Eligibility criteria to the phase 2 trial called for patients to be 18 years of age at the time of screening and for them to have persistent HSCT-TMA. Anyone who previously received eculizumab (Soliris) within 3 months before screening, had a positive direct Coombs test, or active systemic bacterial or fungal infection that called for antimicrobial therapy, were excluded from the analysis.
The primary end points of the study included improvement in TMA laboratory markers of platelet count and serum lactate dehydrogenase (LDH) levels, improvement in clinical status, as well as safety and tolerability. Important secondary end points included survival and change from baseline in terms of laboratory markers.
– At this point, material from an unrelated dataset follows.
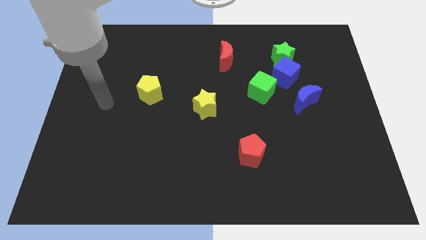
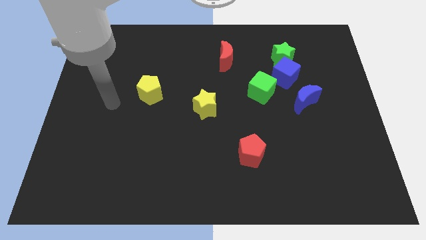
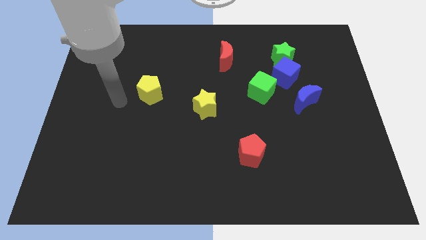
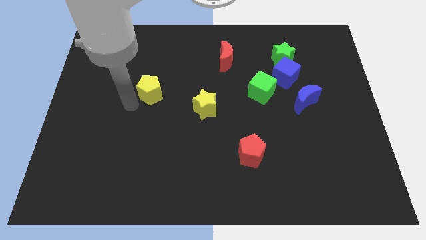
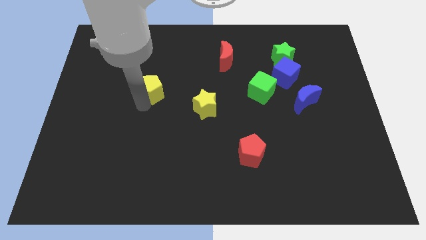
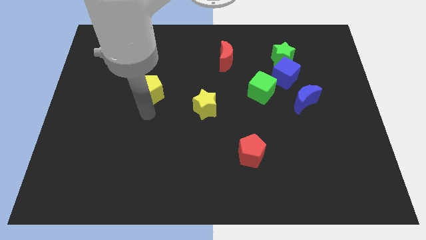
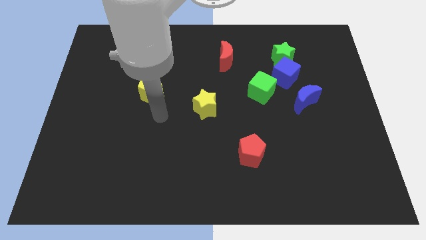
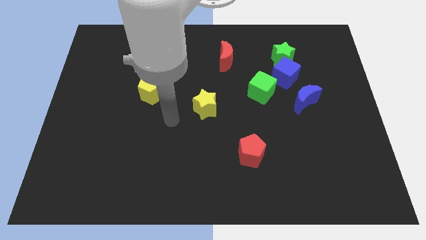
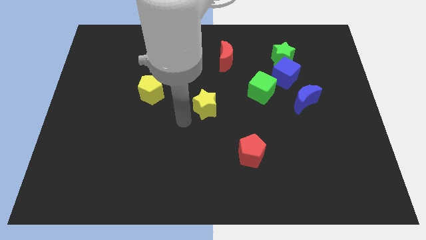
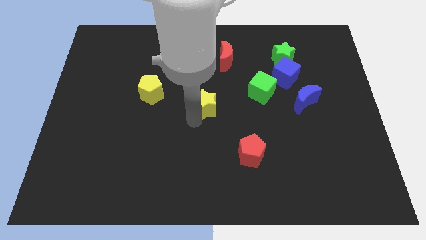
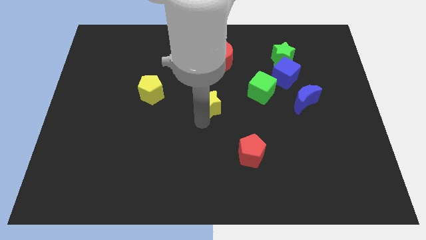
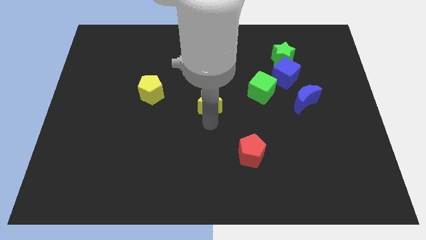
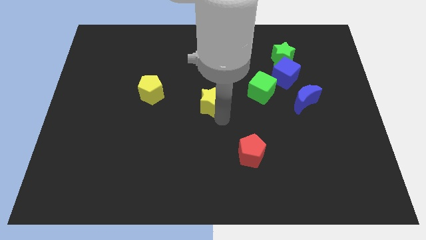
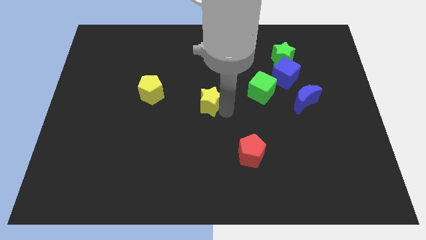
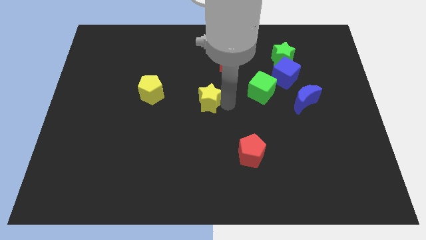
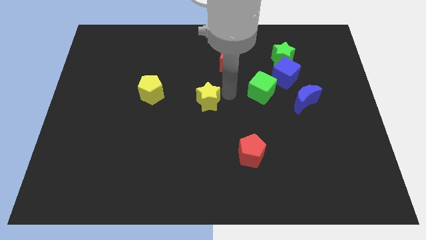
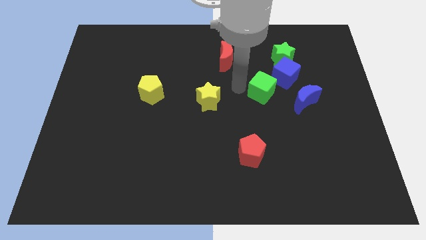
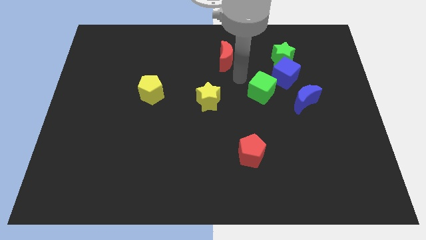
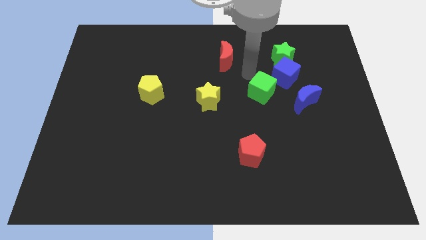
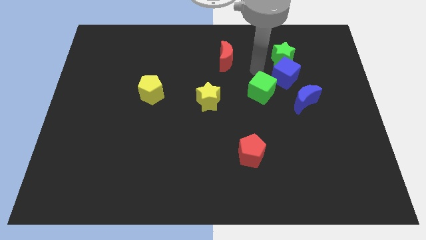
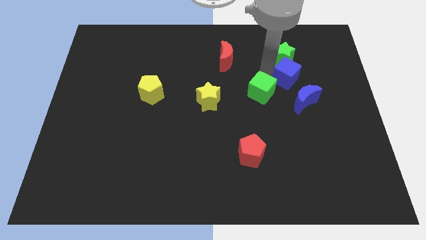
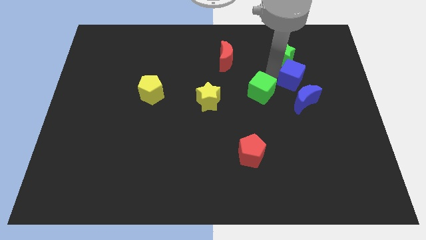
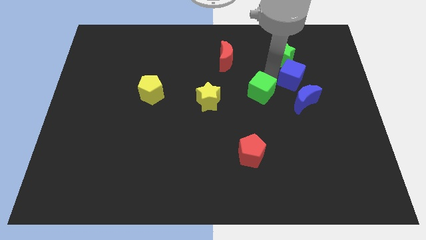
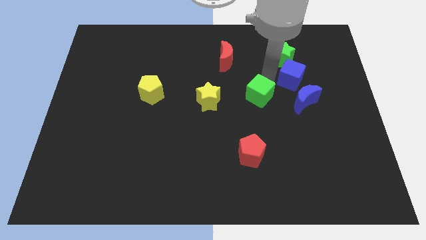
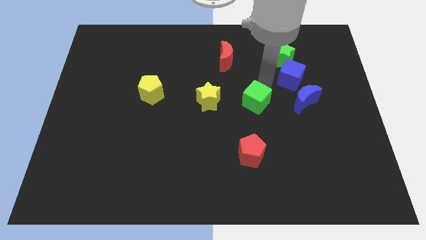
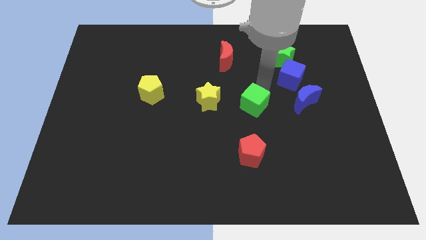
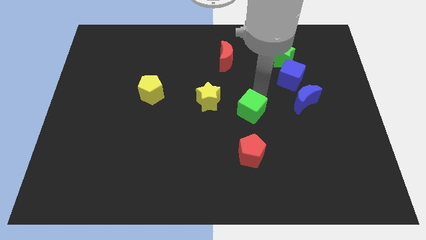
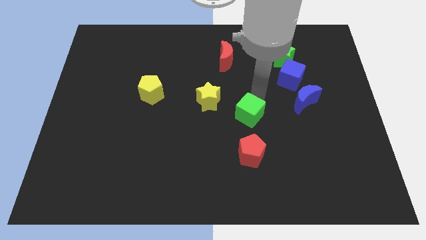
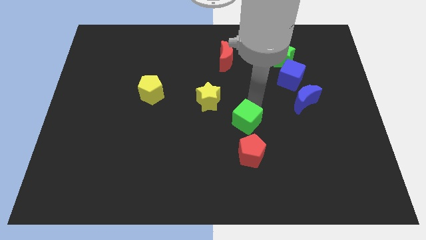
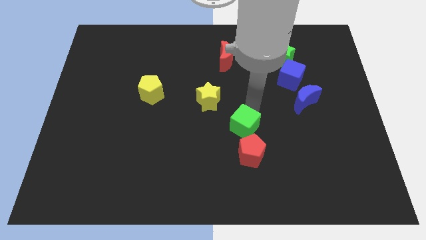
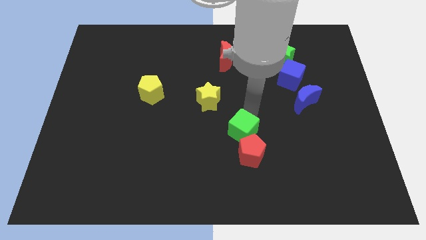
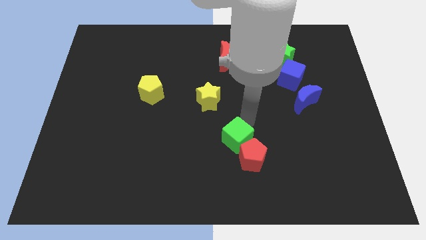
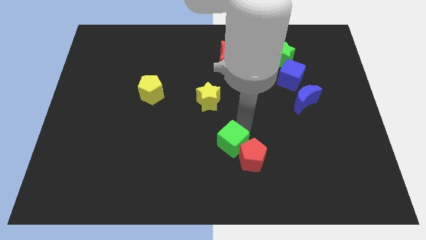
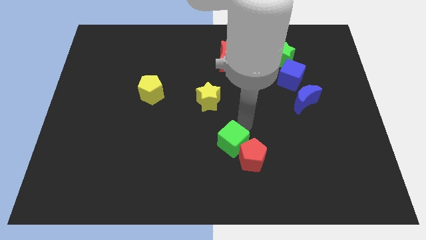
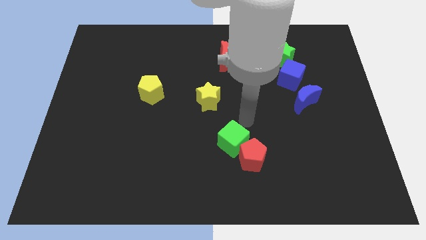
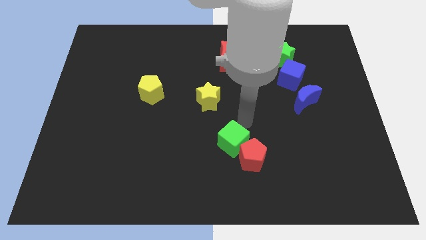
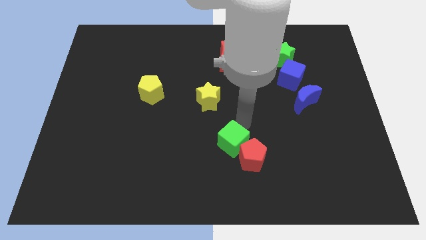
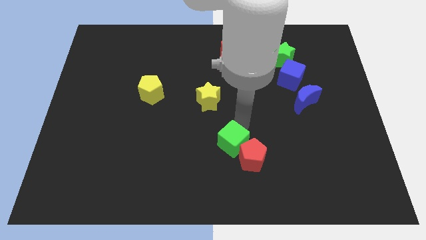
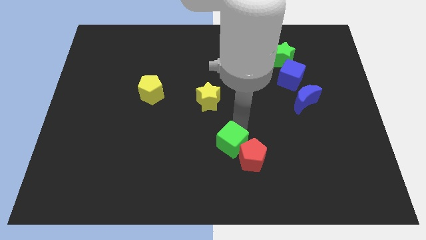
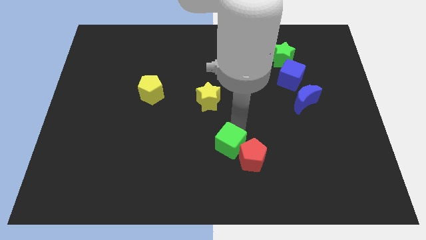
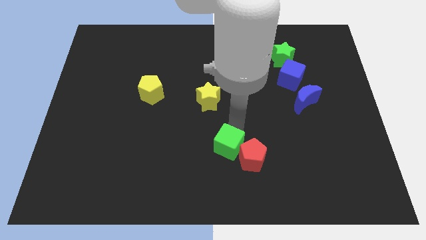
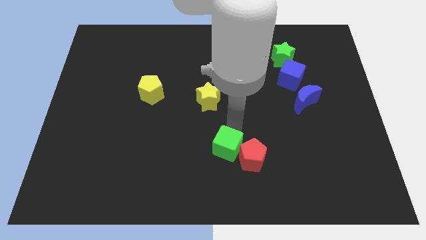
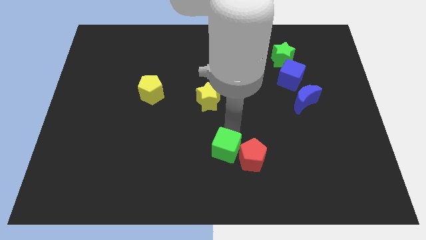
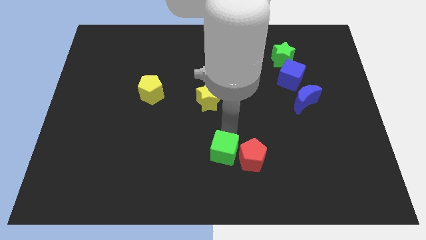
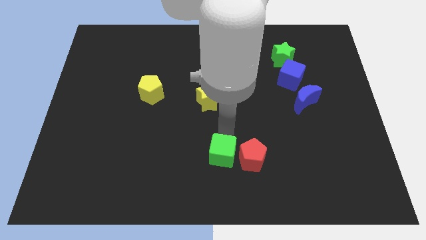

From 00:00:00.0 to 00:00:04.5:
move the green cube to the bottom

At baseline, patients had a mean age of 48 years and 71% were male. Moreover, 96% of participants had malignant underlying disease and had undergone transplant due to this; 64% of these patients had risk factors like graft-versus-host disease, 75% had significant infection, 14% had noninfectious pulmonary complications, and 50% had neurological signs. Because 93% of patients had multiple risk factors for poor outcomes, the overall population was considered to be high risk.
Additional findings from the trial indicated that narsoplimab also resulted in a rapid increase of platelet counts in most participants; specifically, counts reached a threshold of over 20,000 per uL. Moreover, transfusion independence was defined at about 30,000 per uL (P = .001).
Most patients who received the agent also experienced a downward trend in LDH level (P = .008). Following treatment with the antibody, the majority of patients reported an improvement in haptoglobin change from baseline (P <.001).
Additionally, the 100-day survival rate following HSCT-TMA diagnosis was 68% in all patients who were given narsoplimab; in those treated per study protocol, this rate was 83%. The 100-day survival rate was highest in a total of 15 patients who were responders to treatment; this rate was 93%.
The most commonly experienced toxicities with narsoplimab included nausea (25%), vomiting (32.1%), diarrhea (28.6%), hypokalemia (25%), neutropenia (25%), and pyrexia (25%). These toxicities were comparable to what is typically observed in patients who have previously undergone transplantation. Twenty-one percent of participants died on the trial due to transplant-associated causes.
Previously, the FDA granted narsoplimab a breakthrough therapy designation for the treatment of patients with high-risk transplant-associated TMA (TA-TMA); the agent has also received an orphan drug designation for use in patients with TA-TMA and complement-mediated TMA prevention.
Narsoplimab is currently under exploration in many phase 3 trials that are being done in other lectin pathway–associated diseases, such as IgA nephropathy (NCT03608033).